Salesforce announced a new Wave analytics app today called Sales Wave Analytics, the first in a line of what the company is calling ‘role-based’ packaged apps for the Wave platform.

First, some context because all of this Wave talk can get a bit confusing. Last fall, Salesforce introduced Wave, which was a platform for the company’s analytics business moving forward. With Wave any company could build analytics apps on top of this platform. Later it introduced the mobile piece and more recently, a series of connectors to grab data from some popular big data applications and bring it into Wave.

All of these announcements were part of a broader platform play, which was being marketed to larger organizations that need to build custom applications and draw data from multiple data sources outside of the Salesforce ecosystem.

Today’s announcement is the first in a line of apps that will address specific problems and give customers a packaged app to solve a particular sales issue. This app approach lets customers take advantage of Wave technology without actually buying the whole underlying platform.
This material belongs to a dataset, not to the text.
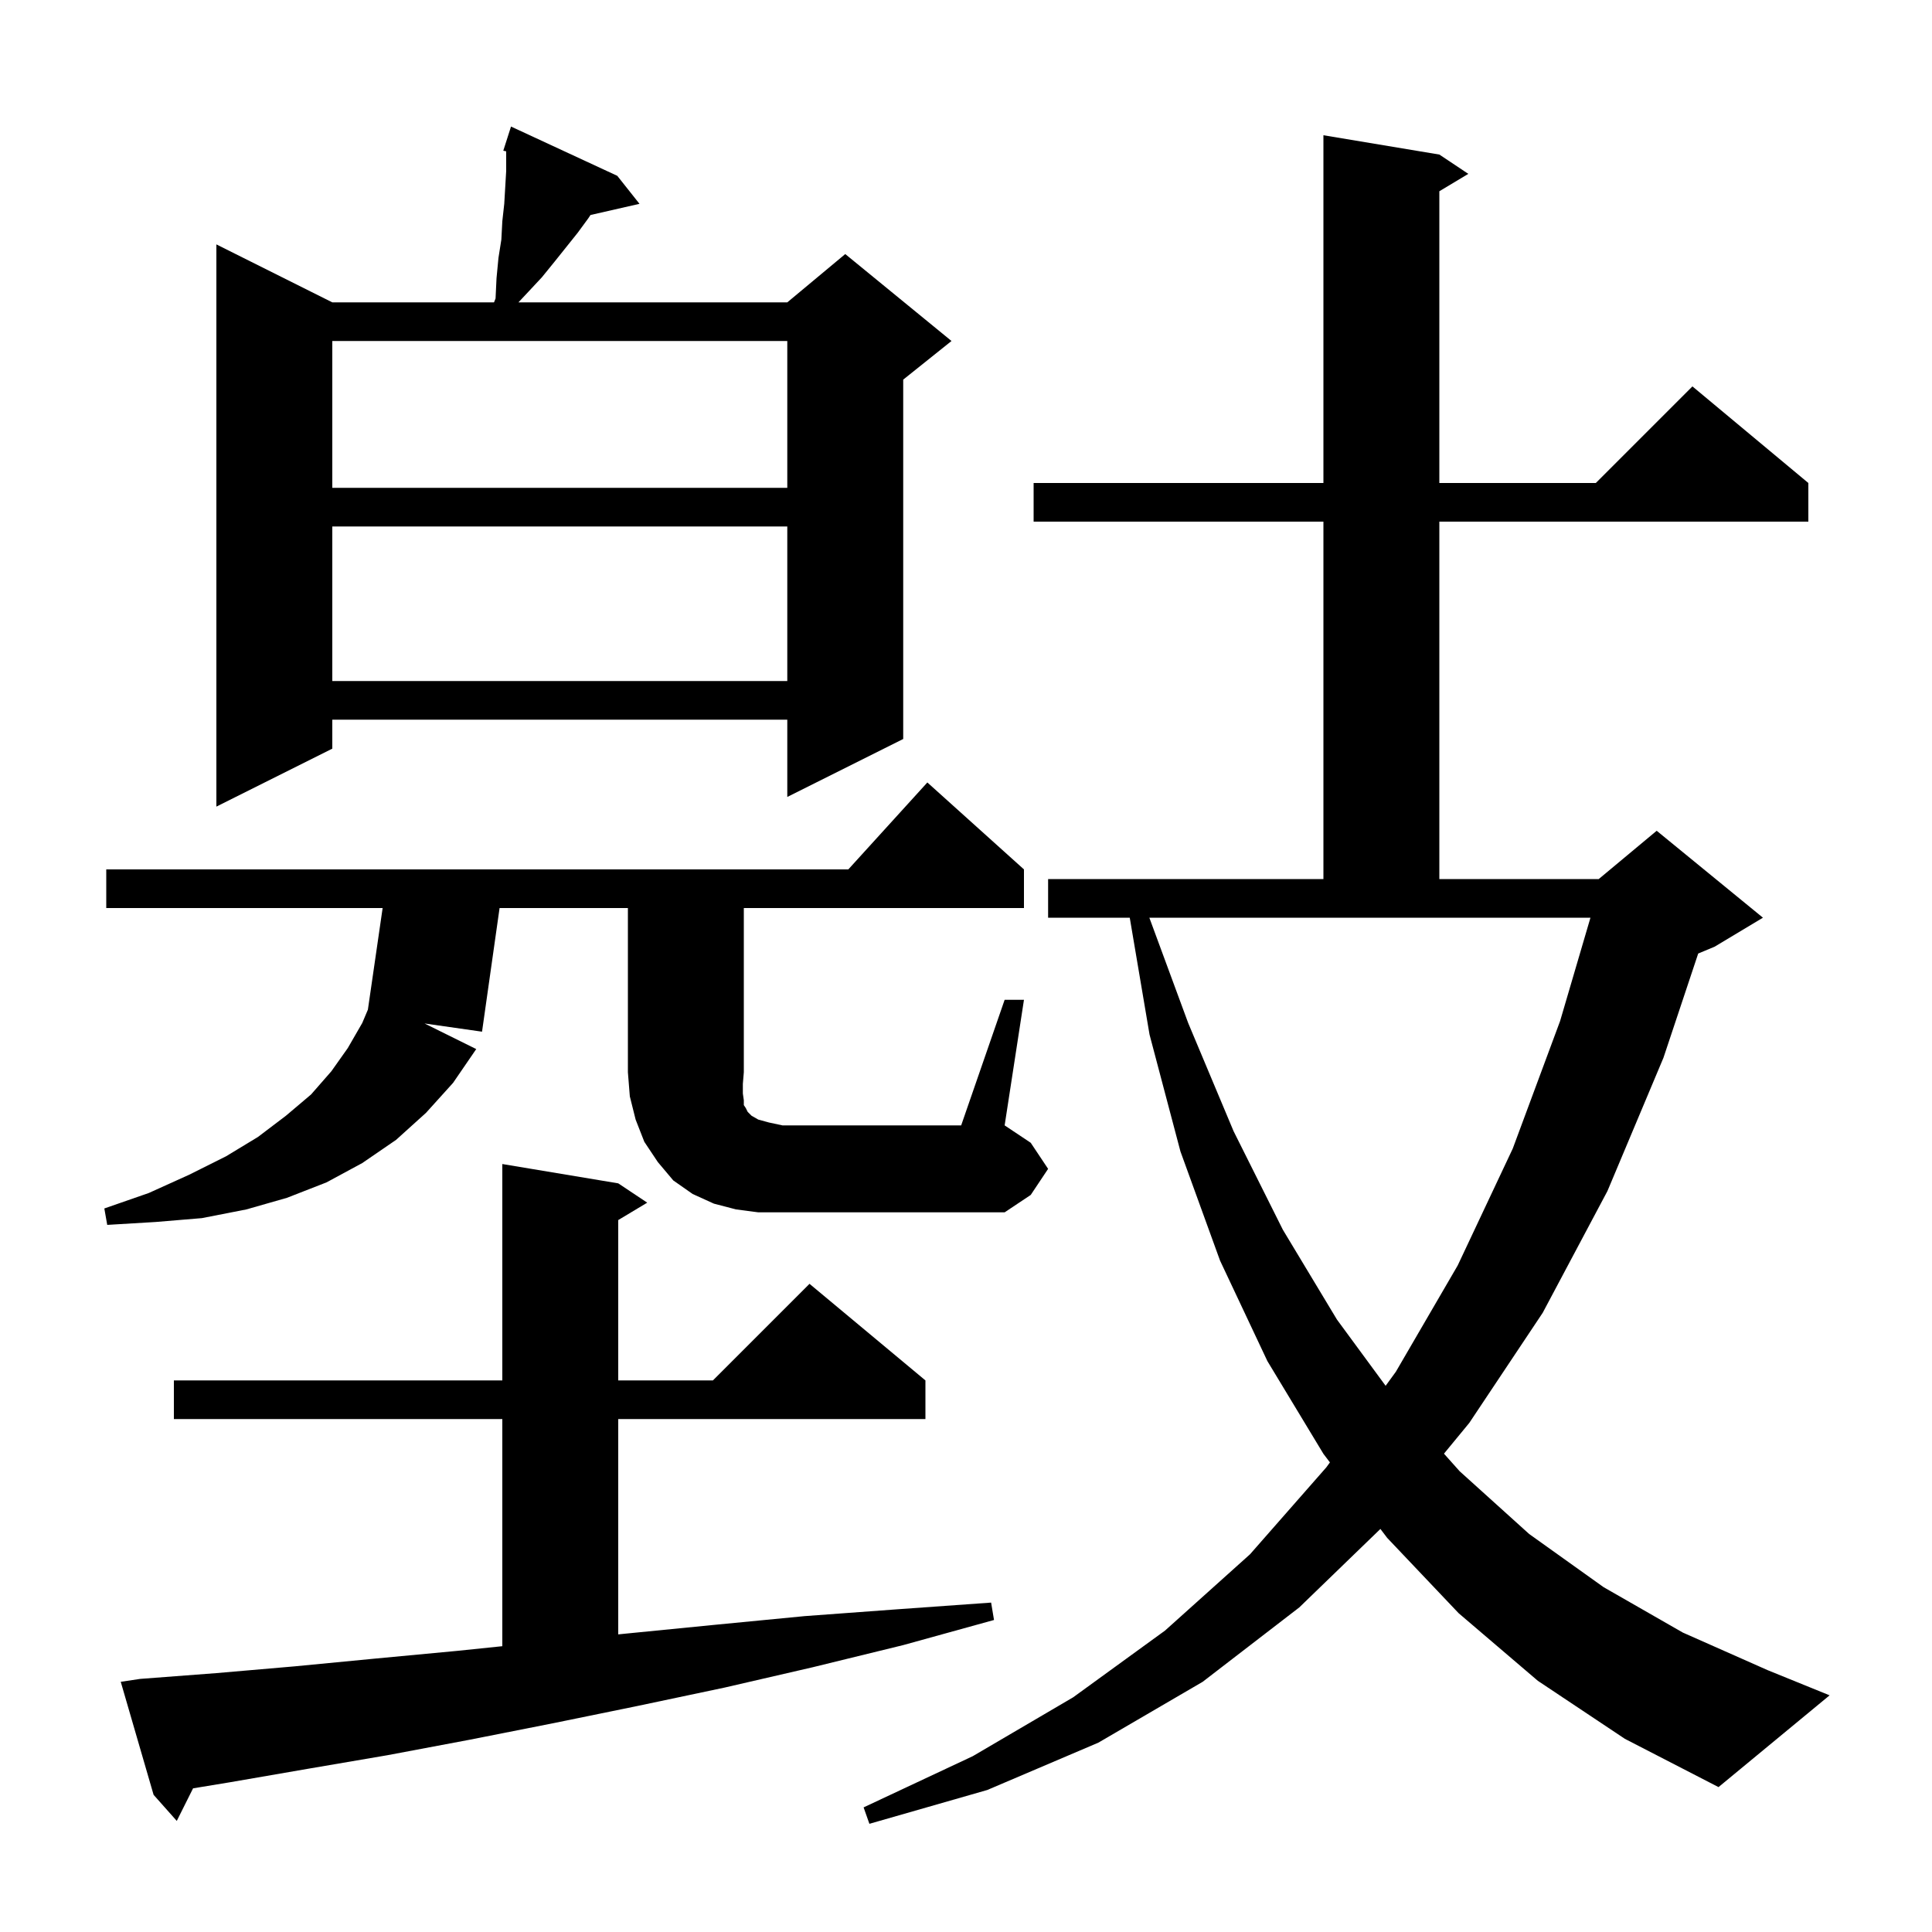 <svg xmlns="http://www.w3.org/2000/svg" xmlns:xlink="http://www.w3.org/1999/xlink" version="1.1" baseProfile="full" viewBox="0 0 200 200" width="200" height="200"><g fill="currentColor"><path d="M 14.5 173.8 L 22.4 173.2 L 30.5 172.5 L 38.8 171.7 L 47.3 170.9 L 52.0 170.414 L 52.0 146.9 L 18.0 146.9 L 18.0 142.9 L 52.0 142.9 L 52.0 120.5 L 64.0 122.5 L 67.0 124.5 L 64.0 126.3 L 64.0 142.9 L 73.8 142.9 L 83.8 132.9 L 95.8 142.9 L 95.8 146.9 L 64.0 146.9 L 64.0 169.191 L 64.9 169.1 L 74.0 168.2 L 83.3 167.3 L 92.8 166.6 L 102.6 165.9 L 102.9 167.7 L 93.5 170.3 L 84.1 172.6 L 75.0 174.7 L 66.0 176.6 L 57.2 178.4 L 48.6 180.1 L 40.1 181.7 L 31.9 183.1 L 23.8 184.5 L 19.986 185.128 L 18.3 188.5 L 15.9 185.8 L 12.5 174.1 Z M 159.2 174.0 L 151.0 167.0 L 143.6 159.2 L 142.899 158.275 L 134.5 166.4 L 124.5 174.1 L 113.7 180.4 L 102.2 185.3 L 90.0 188.8 L 89.4 187.1 L 100.7 181.8 L 111.1 175.7 L 120.6 168.8 L 129.4 160.9 L 137.3 151.9 L 137.673 151.387 L 137.0 150.5 L 131.2 140.9 L 126.3 130.5 L 122.2 119.2 L 119.0 107.1 L 116.952 95.0 L 108.5 95.0 L 108.5 91.0 L 137.0 91.0 L 137.0 54.0 L 107.0 54.0 L 107.0 50.0 L 137.0 50.0 L 137.0 14.0 L 149.0 16.0 L 152.0 18.0 L 149.0 19.8 L 149.0 50.0 L 165.2 50.0 L 175.2 40.0 L 187.2 50.0 L 187.2 54.0 L 149.0 54.0 L 149.0 91.0 L 165.5 91.0 L 171.5 86.0 L 182.5 95.0 L 177.5 98.0 L 175.797 98.71 L 172.2 109.5 L 166.4 123.3 L 159.7 135.9 L 152.1 147.3 L 149.479 150.483 L 151.1 152.3 L 158.3 158.8 L 166.0 164.3 L 174.2 169.0 L 183.0 172.9 L 189.4 175.5 L 177.9 185.0 L 168.2 180.0 Z M 123.0 105.9 L 127.7 117.1 L 132.8 127.3 L 138.4 136.6 L 143.44 143.458 L 144.5 142.0 L 150.9 131.0 L 156.6 118.9 L 161.5 105.7 L 164.643 95.0 L 118.98 95.0 Z M 104.0 103.5 L 106.0 103.5 L 104.0 116.5 L 106.7 118.3 L 108.5 121.0 L 106.7 123.7 L 104.0 125.5 L 78.5 125.5 L 76.2 125.2 L 73.9 124.6 L 71.7 123.6 L 69.7 122.2 L 68.1 120.3 L 66.7 118.2 L 65.8 115.9 L 65.2 113.5 L 65.0 111.0 L 65.0 94.0 L 51.716 94.0 L 49.9 106.8 L 43.95 105.95 L 49.3 108.6 L 46.9 112.1 L 44.1 115.2 L 41.0 118.0 L 37.5 120.4 L 33.8 122.4 L 29.7 124.0 L 25.5 125.2 L 20.9 126.1 L 16.1 126.5 L 11.1 126.8 L 10.8 125.1 L 15.4 123.5 L 19.6 121.6 L 23.4 119.7 L 26.7 117.7 L 29.6 115.5 L 32.2 113.3 L 34.3 110.9 L 36.0 108.5 L 37.5 105.9 L 38.084 104.519 L 39.61 94.0 L 11.0 94.0 L 11.0 90.0 L 87.818 90.0 L 96.0 81.0 L 106.0 90.0 L 106.0 94.0 L 77.0 94.0 L 77.0 111.0 L 76.9 112.2 L 76.9 113.2 L 77.0 113.9 L 77.0 114.4 L 77.2 114.7 L 77.4 115.1 L 77.8 115.5 L 78.5 115.9 L 79.6 116.2 L 81.0 116.5 L 99.5 116.5 Z M 63.9 18.2 L 66.2 21.1 L 61.129 22.257 L 60.9 22.6 L 59.8 24.1 L 57.4 27.1 L 56.1 28.7 L 54.7 30.2 L 53.669 31.3 L 81.5 31.3 L 87.5 26.3 L 98.5 35.3 L 93.5 39.3 L 93.5 76.5 L 81.5 82.5 L 81.5 74.5 L 34.4 74.5 L 34.4 77.5 L 22.4 83.5 L 22.4 25.3 L 34.4 31.3 L 51.14 31.3 L 51.3 30.9 L 51.4 28.8 L 51.6 26.7 L 51.9 24.8 L 52.0 22.9 L 52.2 21.1 L 52.4 17.7 L 52.4 15.666 L 52.1 15.6 L 52.9 13.1 Z M 34.4 54.5 L 34.4 70.5 L 81.5 70.5 L 81.5 54.5 Z M 34.4 35.3 L 34.4 50.5 L 81.5 50.5 L 81.5 35.3 Z "/></g></svg>

Presumably, it’s aimed at small- to medium-sized businesses or departments, which won’t necessarily want to get their hands dirty getting under the Wave hood and building their own applications. This is a way to give these customers the advantages of Wave without having to actually understand (or pay for) its underpinnings.

Salesforce Wave Analytics is the first of these apps designed to solve the pipeline prediction problem every sales executive faces. You’re near the end of your quarter. You need to know how close you are to meeting your quota and how you can make that happen.

Prior to developing this app, sales managers tended to pore over spreadsheets, says Anna Rosenman, senior director of product marketing for the Salesforce Analytics Cloud.
Sales Wave Analytics on smartphone and Apple Watch.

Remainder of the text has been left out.